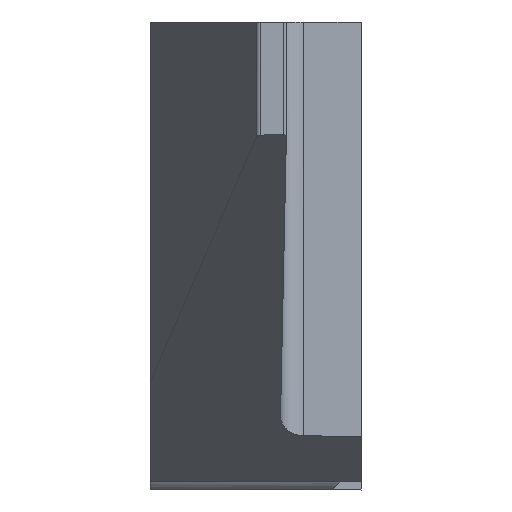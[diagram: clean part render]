
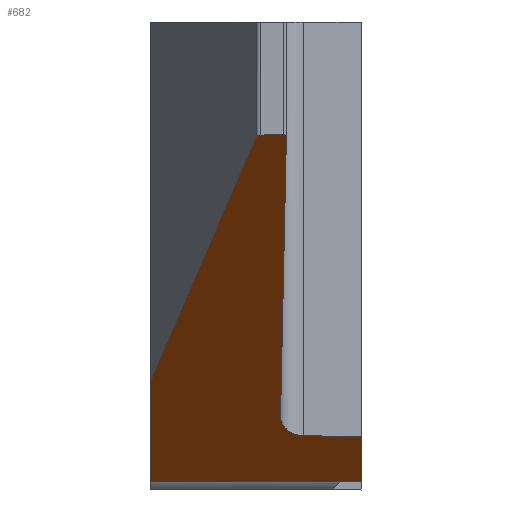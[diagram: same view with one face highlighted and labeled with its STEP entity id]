
A CAD part, front view. The second image highlights one B-rep face of the part: STEP entity #682.
In plain terms, the highlighted planar face has unit normal (0, -0.643, -0.766).
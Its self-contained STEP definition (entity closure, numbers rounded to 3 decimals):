
#94=CARTESIAN_POINT('',(3.6,6.153,-7.087));
#95=VERTEX_POINT('',#94);
#288=CARTESIAN_POINT('',(3.6,7.062,-7.85));
#289=VERTEX_POINT('',#288);
#300=CARTESIAN_POINT('',(3.6,6.153,-7.087));
#301=DIRECTION('',(0.,0.766,-0.643));
#302=VECTOR('',#301,1.187);
#303=LINE('',#300,#302);
#304=EDGE_CURVE('',#95,#289,#303,.T.);
#522=CARTESIAN_POINT('',(1.4,3.217,-4.624));
#523=DIRECTION('',(0.,0.643,0.766));
#524=DIRECTION('',(0.,-0.492,0.413));
#525=AXIS2_PLACEMENT_3D('',#522,#523,#524);
#526=PLANE('',#525);
#527=CARTESIAN_POINT('',(0.,5.012,-6.13));
#528=DIRECTION('',(0.269,-0.738,0.619));
#529=VECTOR('',#528,6.707);
#530=LINE('',#527,#529);
#531=CARTESIAN_POINT('',(0.,5.012,-6.13));
#532=VERTEX_POINT('',#531);
#533=CARTESIAN_POINT('',(1.801,0.063,-1.977));
#534=VERTEX_POINT('',#533);
#535=EDGE_CURVE('',#532,#534,#530,.T.);
#536=ORIENTED_EDGE('Edge 379',*,*,#535,.F.);
#545=CARTESIAN_POINT('',(1.801,0.063,-1.977));
#546=CARTESIAN_POINT('',(1.813,0.031,-1.95));
#547=CARTESIAN_POINT('',(1.841,0.011,-1.934));
#548=CARTESIAN_POINT('',(1.874,0.01,-1.933));
#549=(BOUNDED_CURVE()B_SPLINE_CURVE(3,(#545,#546,#547,#548),.UNSPECIFIED.,.F.,.F.)B_SPLINE_CURVE_WITH_KNOTS((4,4),(0.,1.),.UNSPECIFIED.)CURVE()GEOMETRIC_REPRESENTATION_ITEM()RATIONAL_B_SPLINE_CURVE((1.,0.884,0.884,1.))REPRESENTATION_ITEM(''));
#550=CARTESIAN_POINT('',(1.874,0.01,-1.933));
#551=VERTEX_POINT('',#550);
#552=EDGE_CURVE('',#534,#551,#549,.T.);
#553=ORIENTED_EDGE('Edge 384',*,*,#552,.F.);
#562=CARTESIAN_POINT('',(1.874,0.01,-1.933));
#563=DIRECTION('',(0.999,-0.026,0.022));
#564=VECTOR('',#563,0.396);
#565=LINE('',#562,#564);
#566=CARTESIAN_POINT('',(2.27,0.,-1.924));
#567=VERTEX_POINT('',#566);
#568=EDGE_CURVE('',#551,#567,#565,.T.);
#569=ORIENTED_EDGE('Edge 389',*,*,#568,.F.);
#578=CARTESIAN_POINT('',(2.27,0.,-1.924));
#579=DIRECTION('',(1.,0.,0.));
#580=VECTOR('',#579,0.05);
#581=LINE('',#578,#580);
#582=CARTESIAN_POINT('',(2.32,0.,-1.924));
#583=VERTEX_POINT('',#582);
#584=EDGE_CURVE('',#567,#583,#581,.T.);
#585=ORIENTED_EDGE('Edge 394',*,*,#584,.F.);
#594=CARTESIAN_POINT('',(2.32,0.,-1.924));
#595=DIRECTION('',(-0.013,0.766,-0.643));
#596=VECTOR('',#595,7.478);
#597=LINE('',#594,#596);
#598=CARTESIAN_POINT('',(2.22,5.728,-6.731));
#599=VERTEX_POINT('',#598);
#600=EDGE_CURVE('',#583,#599,#597,.T.);
#601=ORIENTED_EDGE('Edge 399',*,*,#600,.F.);
#610=CARTESIAN_POINT('',(2.22,5.728,-6.731));
#611=CARTESIAN_POINT('',(2.216,5.963,-6.927));
#612=CARTESIAN_POINT('',(2.379,6.131,-7.069));
#613=CARTESIAN_POINT('',(2.613,6.135,-7.072));
#614=(BOUNDED_CURVE()B_SPLINE_CURVE(3,(#610,#611,#612,#613),.UNSPECIFIED.,.F.,.F.)B_SPLINE_CURVE_WITH_KNOTS((4,4),(0.,1.),.UNSPECIFIED.)CURVE()GEOMETRIC_REPRESENTATION_ITEM()RATIONAL_B_SPLINE_CURVE((1.,0.805,0.805,1.))REPRESENTATION_ITEM(''));
#615=CARTESIAN_POINT('',(2.613,6.135,-7.072));
#616=VERTEX_POINT('',#615);
#617=EDGE_CURVE('',#599,#616,#614,.T.);
#618=ORIENTED_EDGE('Edge 1261',*,*,#617,.F.);
#627=CARTESIAN_POINT('',(2.613,6.135,-7.072));
#628=DIRECTION('',(1.,0.017,-0.015));
#629=VECTOR('',#628,0.987);
#630=LINE('',#627,#629);
#631=EDGE_CURVE('',#616,#95,#630,.T.);
#632=ORIENTED_EDGE('Edge 1207',*,*,#631,.F.);
#641=ORIENTED_EDGE('Edge 148',*,*,#304,.F.);
#650=CARTESIAN_POINT('',(0.,7.062,-7.85));
#651=DIRECTION('',(1.,0.,0.));
#652=VECTOR('',#651,3.6);
#653=LINE('',#650,#652);
#654=CARTESIAN_POINT('',(0.,7.062,-7.85));
#655=VERTEX_POINT('',#654);
#656=EDGE_CURVE('',#655,#289,#653,.T.);
#657=ORIENTED_EDGE('Edge 419',*,*,#656,.T.);
#666=CARTESIAN_POINT('',(0.,5.012,-6.13));
#667=DIRECTION('',(0.,0.766,-0.643));
#668=VECTOR('',#667,2.676);
#669=LINE('',#666,#668);
#670=EDGE_CURVE('',#532,#655,#669,.T.);
#671=ORIENTED_EDGE('Edge 312',*,*,#670,.T.);
#680=EDGE_LOOP('',(#671,#657,#641,#632,#618,#601,#585,#569,#553,#536));
#681=FACE_OUTER_BOUND('Loop 425',#680,.T.);
#682=ADVANCED_FACE('Face 426',(#681),#526,.F.);
□ □ □ □ □
WHAT THIS TASK INVOLVES -
An exact copy of every record above is needed, with all pictures left out.

FINISHED TASK -
[diagram: clean part render]
[diagram: same view with one face highlighted and labeled with its STEP entity id]
A CAD part, front view. The second image highlights one B-rep face of the part: STEP entity #682.
In plain terms, the highlighted planar face has unit normal (0, -0.643, -0.766).
Its self-contained STEP definition (entity closure, numbers rounded to 3 decimals):
#94=CARTESIAN_POINT('',(3.6,6.153,-7.087));
#95=VERTEX_POINT('',#94);
#288=CARTESIAN_POINT('',(3.6,7.062,-7.85));
#289=VERTEX_POINT('',#288);
#300=CARTESIAN_POINT('',(3.6,6.153,-7.087));
#301=DIRECTION('',(0.,0.766,-0.643));
#302=VECTOR('',#301,1.187);
#303=LINE('',#300,#302);
#304=EDGE_CURVE('',#95,#289,#303,.T.);
#522=CARTESIAN_POINT('',(1.4,3.217,-4.624));
#523=DIRECTION('',(0.,0.643,0.766));
#524=DIRECTION('',(0.,-0.492,0.413));
#525=AXIS2_PLACEMENT_3D('',#522,#523,#524);
#526=PLANE('',#525);
#527=CARTESIAN_POINT('',(0.,5.012,-6.13));
#528=DIRECTION('',(0.269,-0.738,0.619));
#529=VECTOR('',#528,6.707);
#530=LINE('',#527,#529);
#531=CARTESIAN_POINT('',(0.,5.012,-6.13));
#532=VERTEX_POINT('',#531);
#533=CARTESIAN_POINT('',(1.801,0.063,-1.977));
#534=VERTEX_POINT('',#533);
#535=EDGE_CURVE('',#532,#534,#530,.T.);
#536=ORIENTED_EDGE('Edge 379',*,*,#535,.F.);
#545=CARTESIAN_POINT('',(1.801,0.063,-1.977));
#546=CARTESIAN_POINT('',(1.813,0.031,-1.95));
#547=CARTESIAN_POINT('',(1.841,0.011,-1.934));
#548=CARTESIAN_POINT('',(1.874,0.01,-1.933));
#549=(BOUNDED_CURVE()B_SPLINE_CURVE(3,(#545,#546,#547,#548),.UNSPECIFIED.,.F.,.F.)B_SPLINE_CURVE_WITH_KNOTS((4,4),(0.,1.),.UNSPECIFIED.)CURVE()GEOMETRIC_REPRESENTATION_ITEM()RATIONAL_B_SPLINE_CURVE((1.,0.884,0.884,1.))REPRESENTATION_ITEM(''));
#550=CARTESIAN_POINT('',(1.874,0.01,-1.933));
#551=VERTEX_POINT('',#550);
#552=EDGE_CURVE('',#534,#551,#549,.T.);
#553=ORIENTED_EDGE('Edge 384',*,*,#552,.F.);
#562=CARTESIAN_POINT('',(1.874,0.01,-1.933));
#563=DIRECTION('',(0.999,-0.026,0.022));
#564=VECTOR('',#563,0.396);
#565=LINE('',#562,#564);
#566=CARTESIAN_POINT('',(2.27,0.,-1.924));
#567=VERTEX_POINT('',#566);
#568=EDGE_CURVE('',#551,#567,#565,.T.);
#569=ORIENTED_EDGE('Edge 389',*,*,#568,.F.);
#578=CARTESIAN_POINT('',(2.27,0.,-1.924));
#579=DIRECTION('',(1.,0.,0.));
#580=VECTOR('',#579,0.05);
#581=LINE('',#578,#580);
#582=CARTESIAN_POINT('',(2.32,0.,-1.924));
#583=VERTEX_POINT('',#582);
#584=EDGE_CURVE('',#567,#583,#581,.T.);
#585=ORIENTED_EDGE('Edge 394',*,*,#584,.F.);
#594=CARTESIAN_POINT('',(2.32,0.,-1.924));
#595=DIRECTION('',(-0.013,0.766,-0.643));
#596=VECTOR('',#595,7.478);
#597=LINE('',#594,#596);
#598=CARTESIAN_POINT('',(2.22,5.728,-6.731));
#599=VERTEX_POINT('',#598);
#600=EDGE_CURVE('',#583,#599,#597,.T.);
#601=ORIENTED_EDGE('Edge 399',*,*,#600,.F.);
#610=CARTESIAN_POINT('',(2.22,5.728,-6.731));
#611=CARTESIAN_POINT('',(2.216,5.963,-6.927));
#612=CARTESIAN_POINT('',(2.379,6.131,-7.069));
#613=CARTESIAN_POINT('',(2.613,6.135,-7.072));
#614=(BOUNDED_CURVE()B_SPLINE_CURVE(3,(#610,#611,#612,#613),.UNSPECIFIED.,.F.,.F.)B_SPLINE_CURVE_WITH_KNOTS((4,4),(0.,1.),.UNSPECIFIED.)CURVE()GEOMETRIC_REPRESENTATION_ITEM()RATIONAL_B_SPLINE_CURVE((1.,0.805,0.805,1.))REPRESENTATION_ITEM(''));
#615=CARTESIAN_POINT('',(2.613,6.135,-7.072));
#616=VERTEX_POINT('',#615);
#617=EDGE_CURVE('',#599,#616,#614,.T.);
#618=ORIENTED_EDGE('Edge 1261',*,*,#617,.F.);
#627=CARTESIAN_POINT('',(2.613,6.135,-7.072));
#628=DIRECTION('',(1.,0.017,-0.015));
#629=VECTOR('',#628,0.987);
#630=LINE('',#627,#629);
#631=EDGE_CURVE('',#616,#95,#630,.T.);
#632=ORIENTED_EDGE('Edge 1207',*,*,#631,.F.);
#641=ORIENTED_EDGE('Edge 148',*,*,#304,.F.);
#650=CARTESIAN_POINT('',(0.,7.062,-7.85));
#651=DIRECTION('',(1.,0.,0.));
#652=VECTOR('',#651,3.6);
#653=LINE('',#650,#652);
#654=CARTESIAN_POINT('',(0.,7.062,-7.85));
#655=VERTEX_POINT('',#654);
#656=EDGE_CURVE('',#655,#289,#653,.T.);
#657=ORIENTED_EDGE('Edge 419',*,*,#656,.T.);
#666=CARTESIAN_POINT('',(0.,5.012,-6.13));
#667=DIRECTION('',(0.,0.766,-0.643));
#668=VECTOR('',#667,2.676);
#669=LINE('',#666,#668);
#670=EDGE_CURVE('',#532,#655,#669,.T.);
#671=ORIENTED_EDGE('Edge 312',*,*,#670,.T.);
#680=EDGE_LOOP('',(#671,#657,#641,#632,#618,#601,#585,#569,#553,#536));
#681=FACE_OUTER_BOUND('Loop 425',#680,.T.);
#682=ADVANCED_FACE('Face 426',(#681),#526,.F.);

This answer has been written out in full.